You didn’t change the seed, so the four numbers generated randomly, not according to a specific location in the data.
set.seed(1)
mean(sample(diamonds$price,sample.size))
## [1] 3908
mean(sample(diamonds$price,sample.size))
## [1] 2521
mean(sample(diamonds$price,sample.size))
## [1] 3346.75
Explain what we have done here. Answer the following question: what other statistics could we use to describe samples?
Sample standard deviation and sample distribution.
For example standard deviation, with Bessel’s correction:
set.seed(1)
sd(sample(diamonds$price,sample.size))
## [1] 3936.586
sd(sample(diamonds$price,sample.size))
## [1] 1683.428
sd(sample(diamonds$price,sample.size))
## [1] 2036.409
And standard deviation, without Bessel’s correction:
set.seed(1)
sdn(sample(diamonds$price,sample.size))
## [1] 3409.183
sdn(sample(diamonds$price,sample.size))
## [1] 1457.891
sdn(sample(diamonds$price,sample.size))
## [1] 1763.582
Explain what a sampling distribution of a statistic is and how it relates to the numbers computed above. Answer the following question: what tools do we have to describe these distributions?

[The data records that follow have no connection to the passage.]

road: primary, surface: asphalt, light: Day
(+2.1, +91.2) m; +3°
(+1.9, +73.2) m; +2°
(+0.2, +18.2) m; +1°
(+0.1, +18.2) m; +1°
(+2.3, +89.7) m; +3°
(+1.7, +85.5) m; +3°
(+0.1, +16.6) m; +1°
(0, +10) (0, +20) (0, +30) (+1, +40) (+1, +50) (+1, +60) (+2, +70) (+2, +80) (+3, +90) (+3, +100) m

The sampling distribution of a statistic is the distribution of that statistic, considered as a random variable, coming from a random sample of size n. For the mean, the sample size was set at four and corresponds to the ‘4’ on the plot. The sample size would change in the R studio code to change the sample size on the plot. Ergo, everytime you set a new sample size, you get new numbers. We can use mean and standard deviation as well as plots to describe the distribution.
The plot below shows images of the sampling distribution for the sample mean, for different values of sample size.

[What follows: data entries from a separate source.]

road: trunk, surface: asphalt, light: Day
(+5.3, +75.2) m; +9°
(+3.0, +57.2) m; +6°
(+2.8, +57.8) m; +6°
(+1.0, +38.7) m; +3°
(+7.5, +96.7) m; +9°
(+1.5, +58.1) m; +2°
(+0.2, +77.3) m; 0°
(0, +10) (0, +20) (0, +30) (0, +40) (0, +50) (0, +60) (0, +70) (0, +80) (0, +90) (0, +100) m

Answer the following questions: what do the features of the graph below represent? One hint: the horizontal line is the population mean of the prices of all diamonds in the data set.
The top represents the outliers of price, the first and third quartiles are represented by the white boxes that the population mean of the prices runs through The small black line separating the quartiles is the median.
**
Explain the concept of an estimator. What is the sample mean estimating, and it what situation does it do a better job?

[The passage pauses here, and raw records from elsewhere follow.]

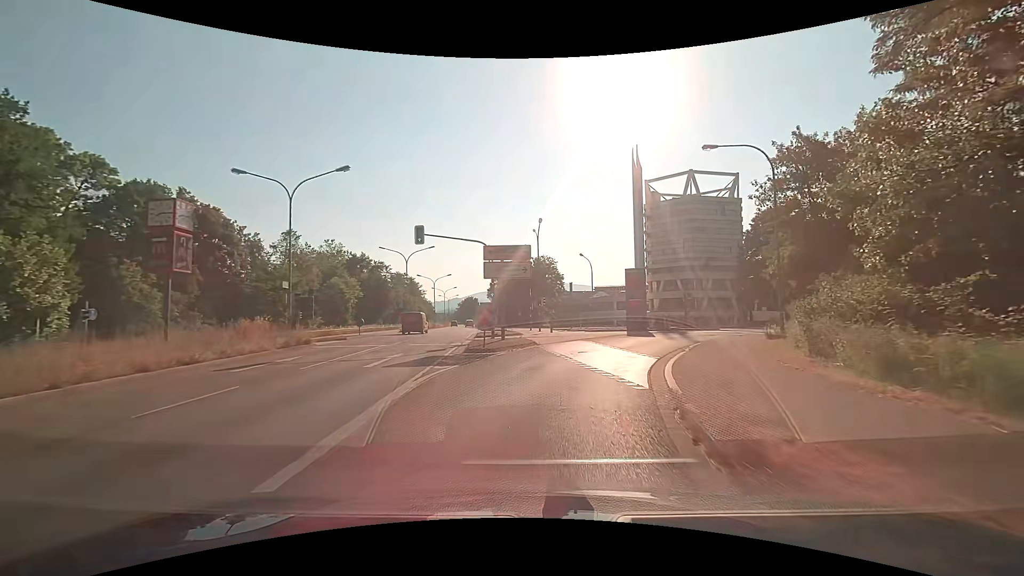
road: primary_link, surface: asphalt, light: Day
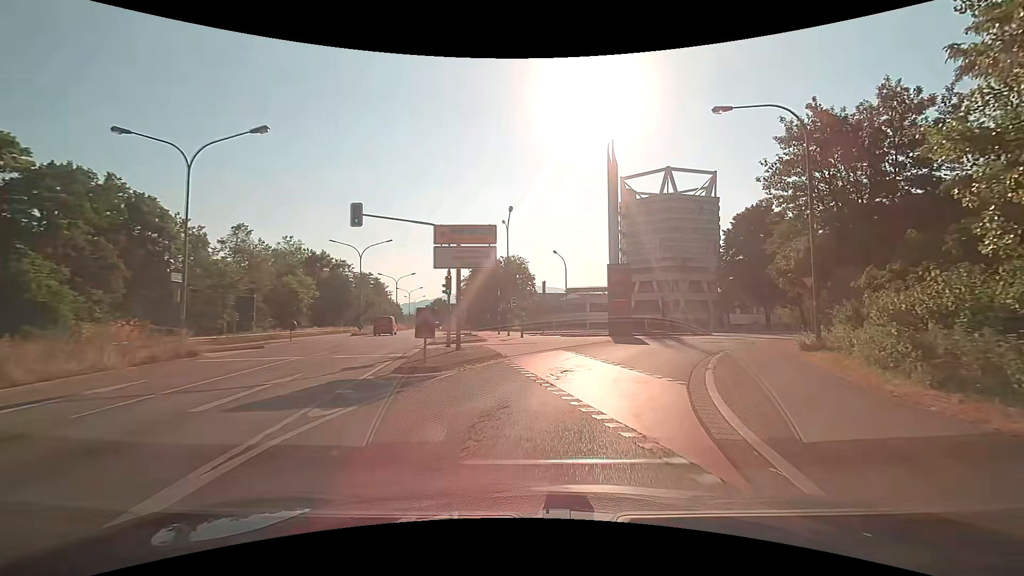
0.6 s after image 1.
(+0.2, +5.5) m; +4°
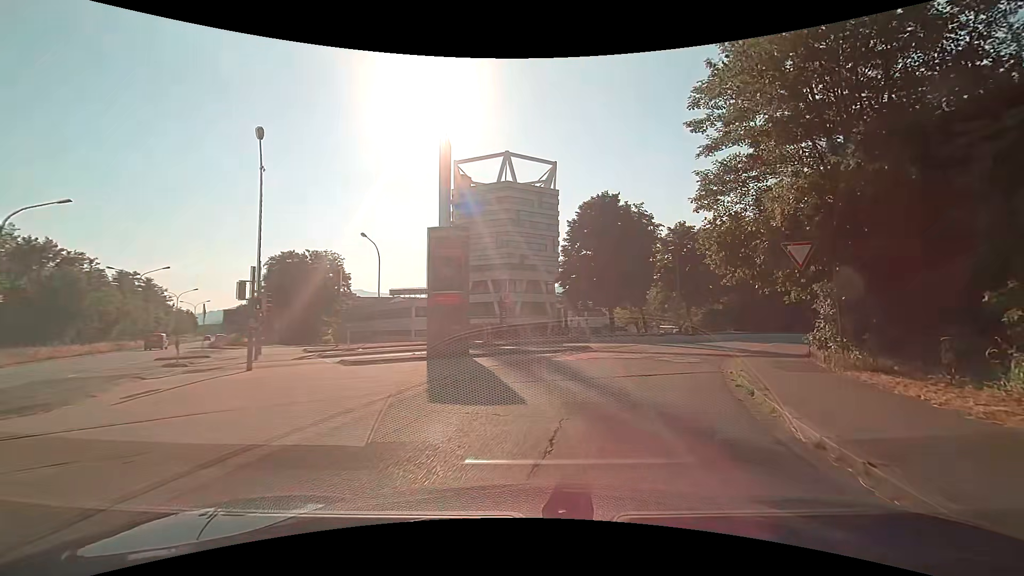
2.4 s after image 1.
(+2.2, +15.0) m; +19°
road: tertiary_link
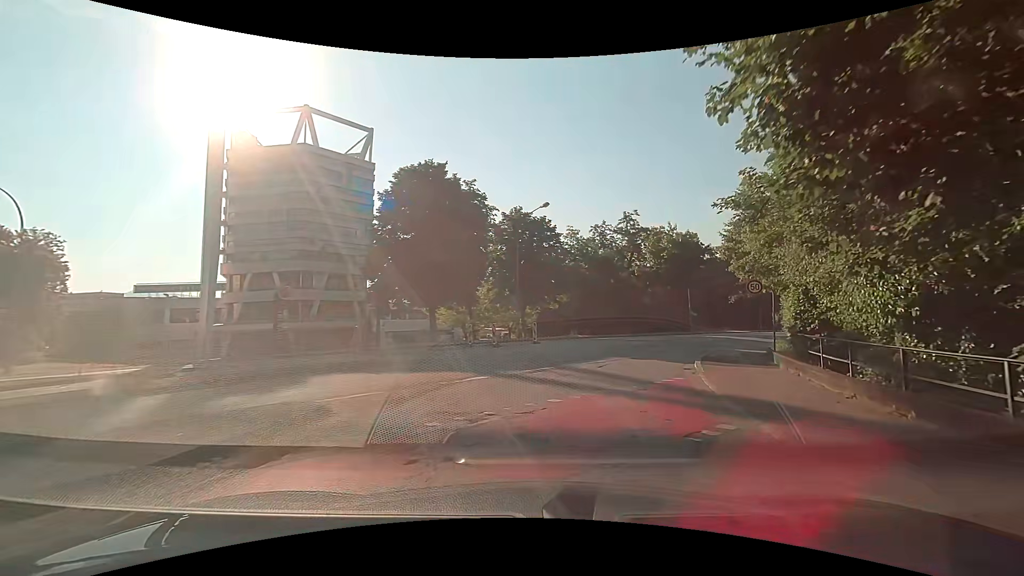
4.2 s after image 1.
(+2.5, +14.2) m; +19°
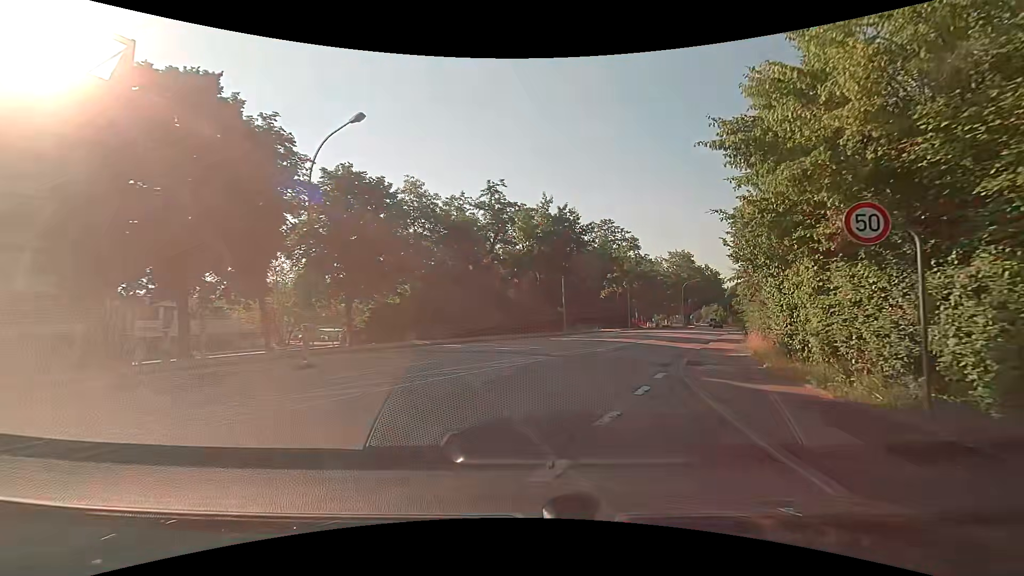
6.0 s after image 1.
(+2.2, +14.9) m; +16°
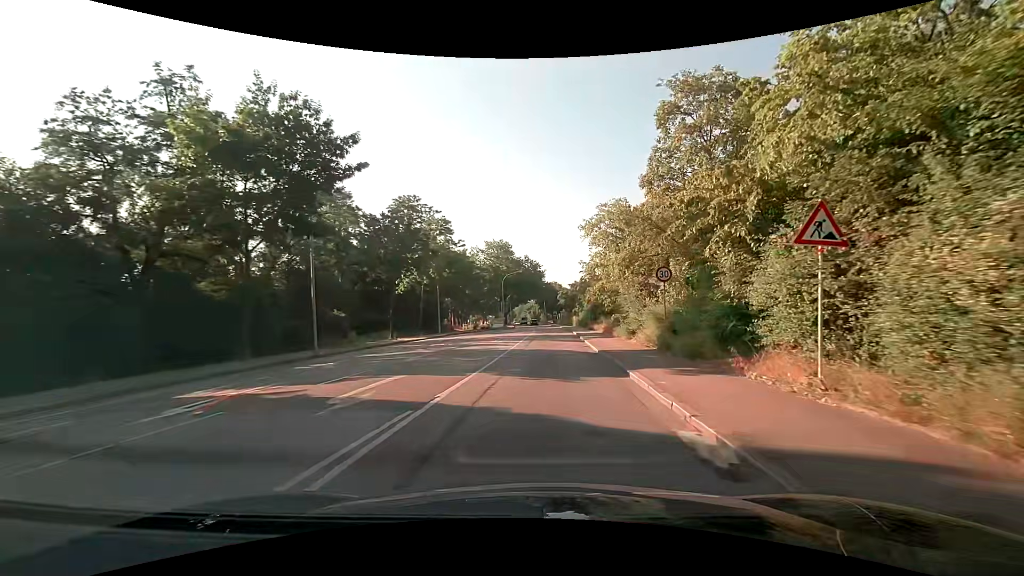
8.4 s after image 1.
(+4.1, +21.0) m; +21°
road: tertiary
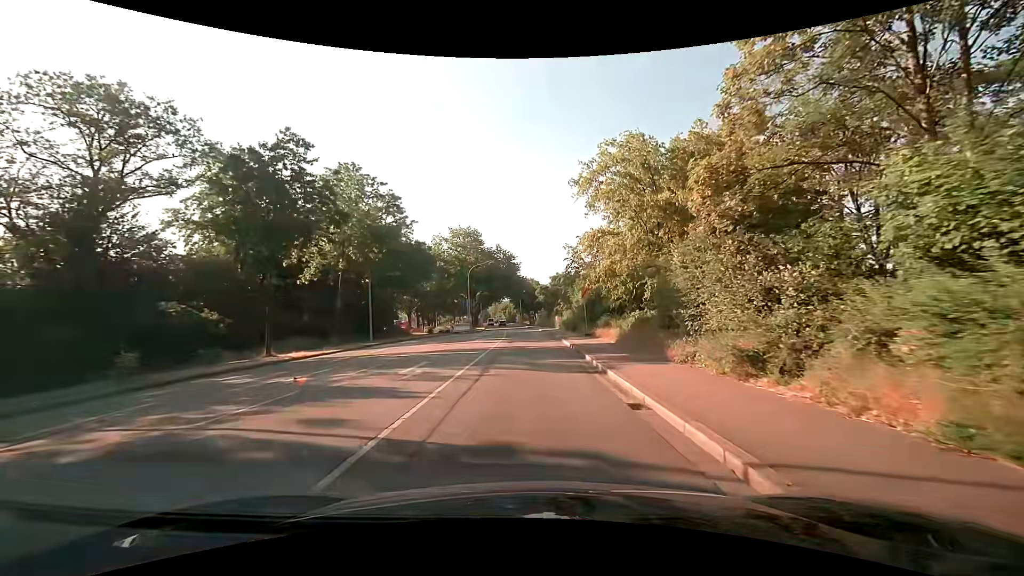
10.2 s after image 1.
(+0.5, +15.5) m; +2°
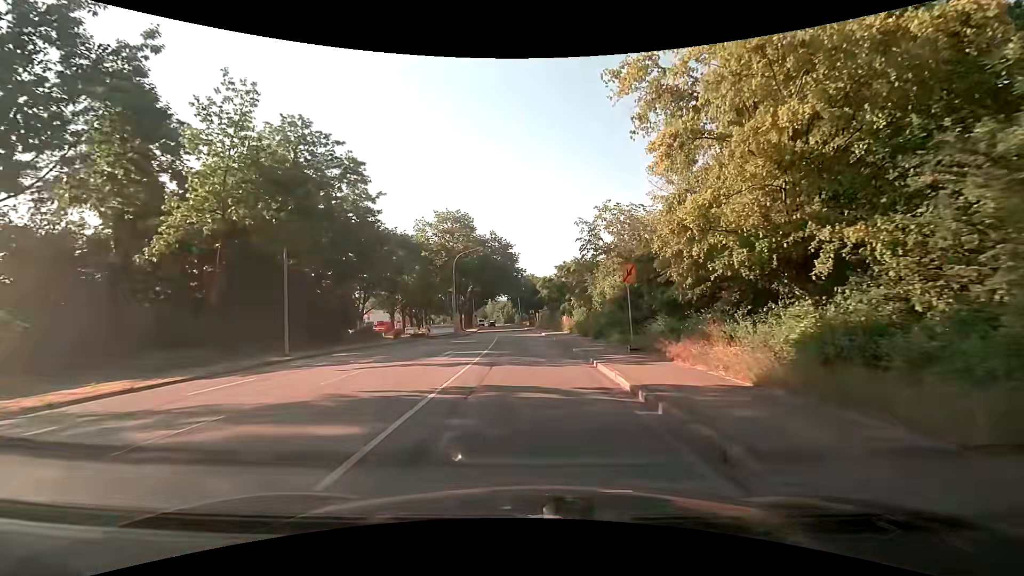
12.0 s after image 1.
(+0.2, +13.6) m; 0°

It is simply for estimating a given quantity based on collected data. In this case, the sample mean is an unbiased estimate of poulation mean. It will do a better job when there is little to no bias.
Let’s try describing the sampling distribution of the sample standard deviation with Bessel’s Correction. Again the samples are of diamonds, and the variable considered is the price of diamonds:
Some people argue that it is appropriate to drop Bessel’s correction for populations, but if the population size is large, as shown here it doesn’t matter much. Why? What is the sample standard deviation estimating? In what situations is it a better estimate?
In larger populations, the correction still works, but there isn’t much of a difference between its result and one used without Bessel’s correction. It is an unbiased estimating the standard deviation of a population. It only matters for a small sample size, so with a larger sample size it may be better not to use Bessel’s correction.
Now let’s try without Bessel’s correction:
Answer the following questions: what is the difference between the standard deviation with Bessel’s correction and the standard deviation without Bessel’s correction? Which do you think is better and when does it matter?
On average, the standard deviation isn’t as accurate without Bessel’s corecction. With it, the mean sampling error is closer to zero, making it closer to being unbiased.
Describe the difference between sampling error and sampling bias. Describe the difference between a biased estimator and unbiased estimators.
A sampling error is the difference between the statistic (sample mean) and the parameter (population mean). A sampling bias is the mean sampling error specificallhy. Mean is an unbiased estimate of the population mean, meaning the mean sampling error is zero. A biased estimator is the difference betwwen an estimator’s expected value and the actual value of the parameter.